The first motion picture that had lycanthropy as a subject was a silent film from 1913 by the name of The Werewolf. The long-lost twenty-minute film involved an Indian curse in form of a young woman (Lule Warrenton) destined by her witch mother to periodically become a werewolf and prey on whites. At that time in cinema history, most of the conventions of the werewolf subgenre had not yet been invented. The werewolf mythology itself has evolved to a large degree in Hollywood horror of the last 69 years. What follows is a chronological listing of Werewolf Movies (and those with notable werewolf appearances), including points of historical interest.
1935 - Henry Hull
Werewolf Of London
Stage Actor Henry Hull plays a scientist who is bitten by a werewolf while on a botanical jaunt to Tibet, taking the affliction back home to London. The make-up, by Universal legend Jack Pierce, is conservative by later standards, leaving Hull reasonably recognizable beneath it.
1941 - Lon Chaney
The Wolf Man
For their second werewolf movie, Universal Studios cast famous son Lon Chaney Jr. as the tragic Laurence Talbot, an American-educated nobleman who returns home to Europe only to be bitten by shape-shifting gypsy Bela (Bela Lugosi), and receive the curse of the Wolf Man. Chaney was much more accommodating than Hull, enduring the grueling six-hour Jack Pierce job that produced the most well-known werewolf make-up.

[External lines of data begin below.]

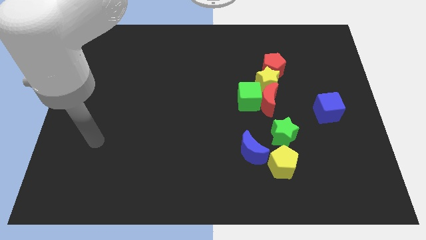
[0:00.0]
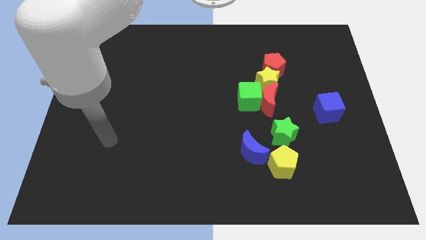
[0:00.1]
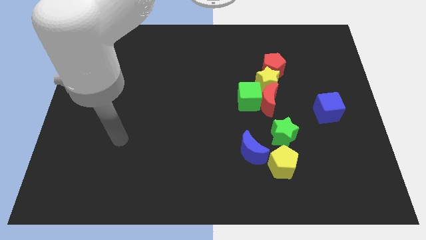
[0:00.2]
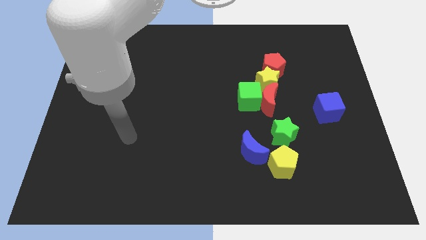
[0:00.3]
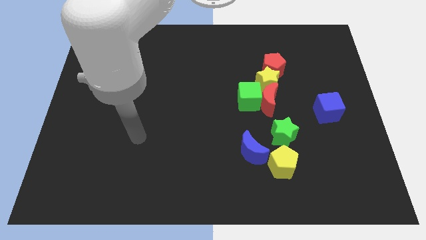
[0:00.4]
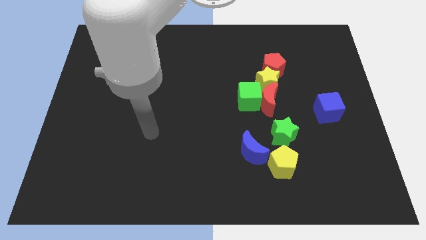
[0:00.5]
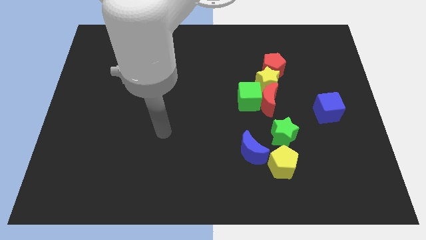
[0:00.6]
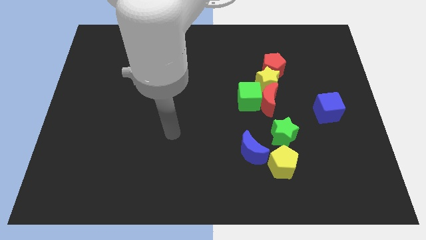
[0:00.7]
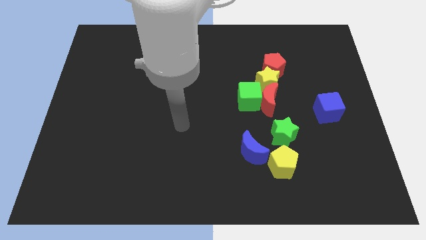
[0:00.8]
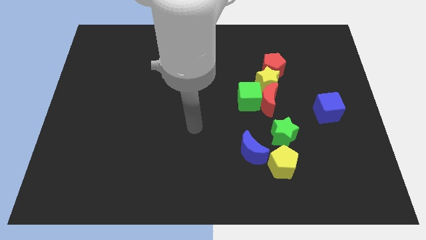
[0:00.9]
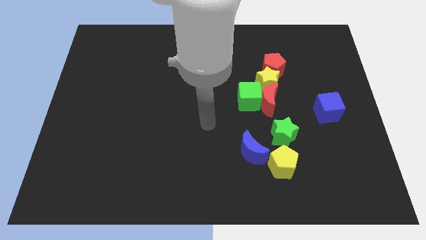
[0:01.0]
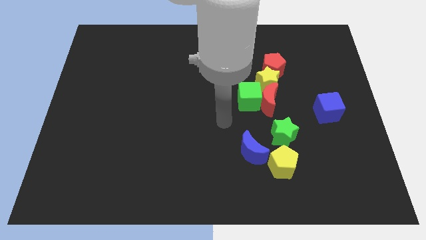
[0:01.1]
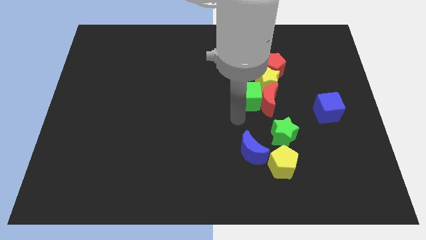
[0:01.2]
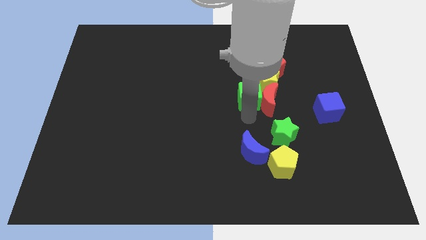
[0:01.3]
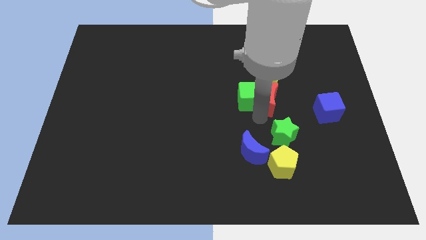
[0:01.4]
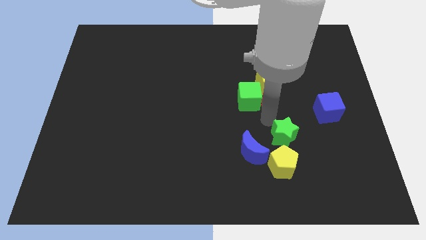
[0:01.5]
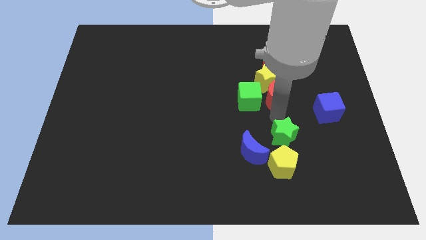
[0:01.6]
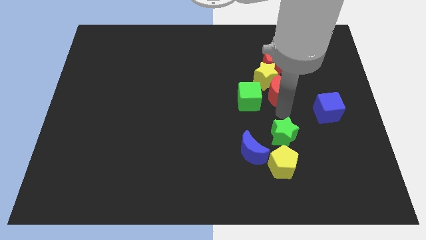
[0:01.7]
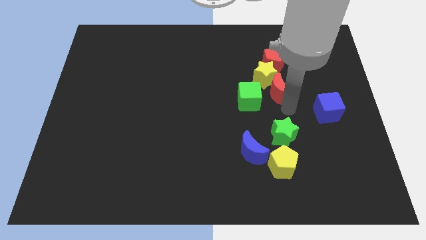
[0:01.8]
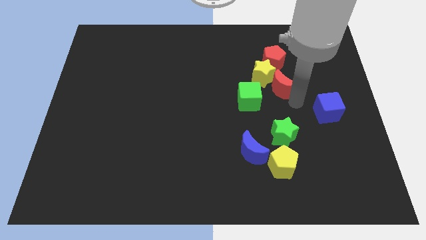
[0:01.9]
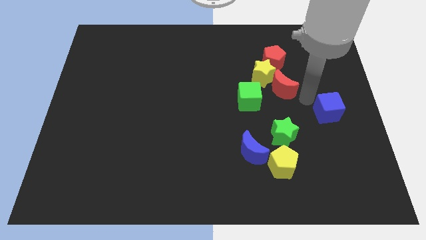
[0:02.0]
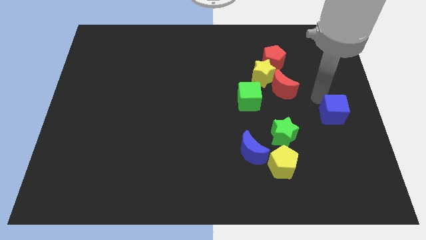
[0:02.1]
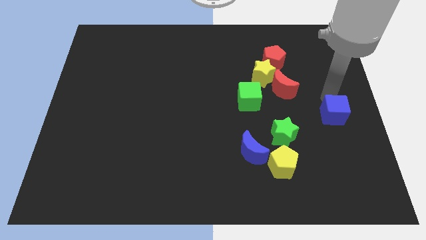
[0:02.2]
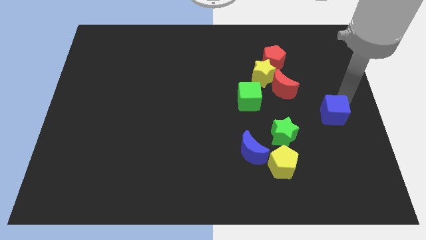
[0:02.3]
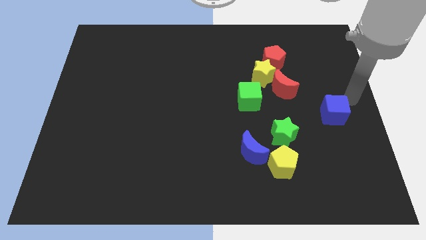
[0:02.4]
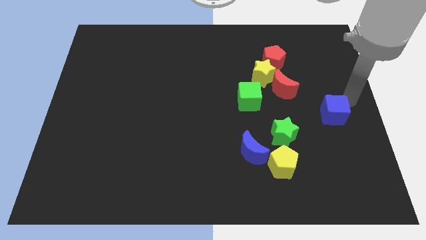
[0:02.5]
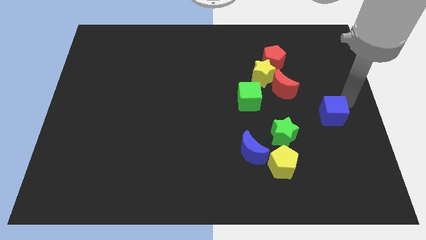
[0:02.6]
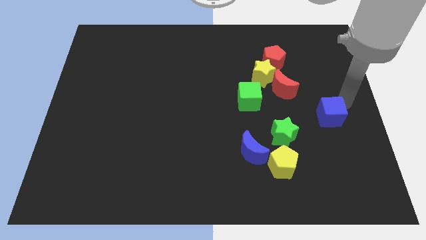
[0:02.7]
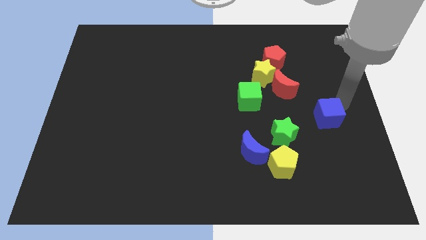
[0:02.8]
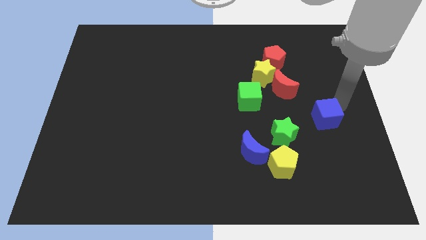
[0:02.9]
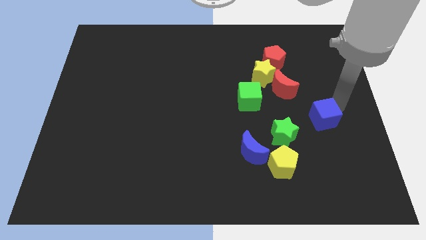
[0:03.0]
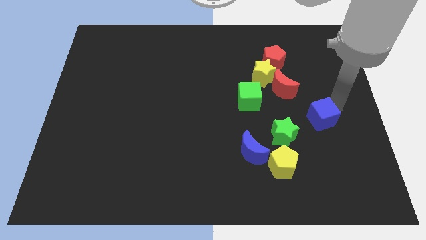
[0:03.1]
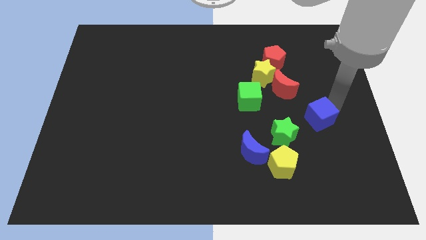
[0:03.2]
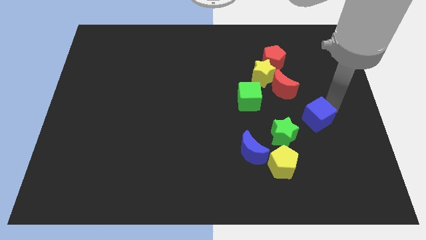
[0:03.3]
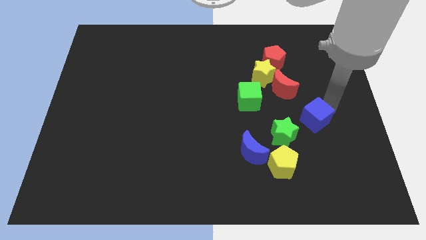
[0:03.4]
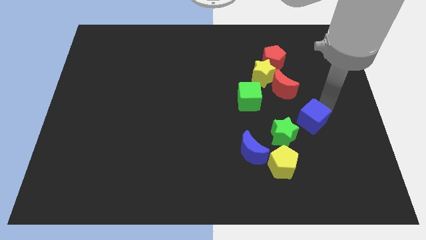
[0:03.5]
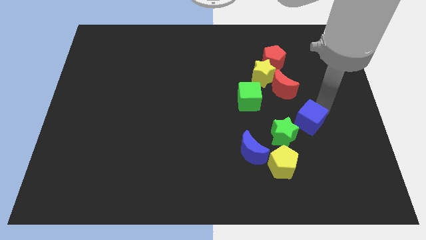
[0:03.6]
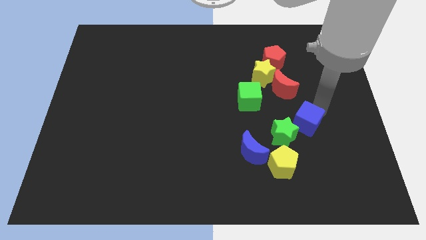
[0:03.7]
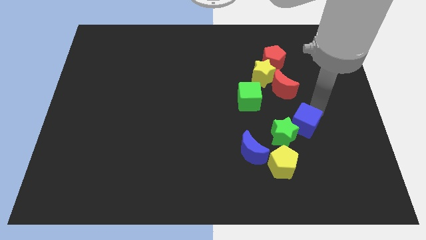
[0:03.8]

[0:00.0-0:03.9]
slide the blue cube diagonally up and to the right of the yellow pentagon

The Wolf Man is the true source of the idea that werewolf transformations are triggered by the full moon, as well as that of silver being ideal to kill them, and of wolf-bane. All are inventions of Universal screenwriter Kurt Siodmak
1942 - Glenn Strange
The Mad Monster
Future Frankenstein Glenn Strange plays a hapless hick who is injected by wolf-blood serum by misguided scientist George Zucco. Abysmally bad skid-row production.
1942
The Undying Monster
Kind of The Hound Of The Baskervilles, only with a werewolf.
1943 - Lon Chaney
Frankenstein Meets The Wolf Man
Larry Talbot returns from the grave to seek the Frankenstein family recipe for curing lycanthropy, and ends up on unfriendly terms with the Frankenstein monster, played by a famously miscast Bela Lugosi.
1943 - Matt Willis
The Return Of The Vampire
Matt Willis plays the werewolf Boy Friday to Lugosi's Dracula-like vampire character. Possibly the only movie where a character speaks with a perfectly natural human voice while in werewolf form.
1944 - Lon Chaney
House Of Frankenstein
Back from the dead again, and still desperate to bring his curse to an end, Larry Talbot falls in with a diabolical scientist (Boris Karloff).
1945 - Lon Chaney
House Of Dracula
Laurence Talbot returns yet again, this time not only being cured of lycanthropy but surviving the end of the movie.
1948 - Lon Chaney
Abbott And Costello Meet Frankenstein
The last appearance of Larry Talbot, this time pitted against Lugost as Dracula, and Glenn Strange as the Frankenstein Monster.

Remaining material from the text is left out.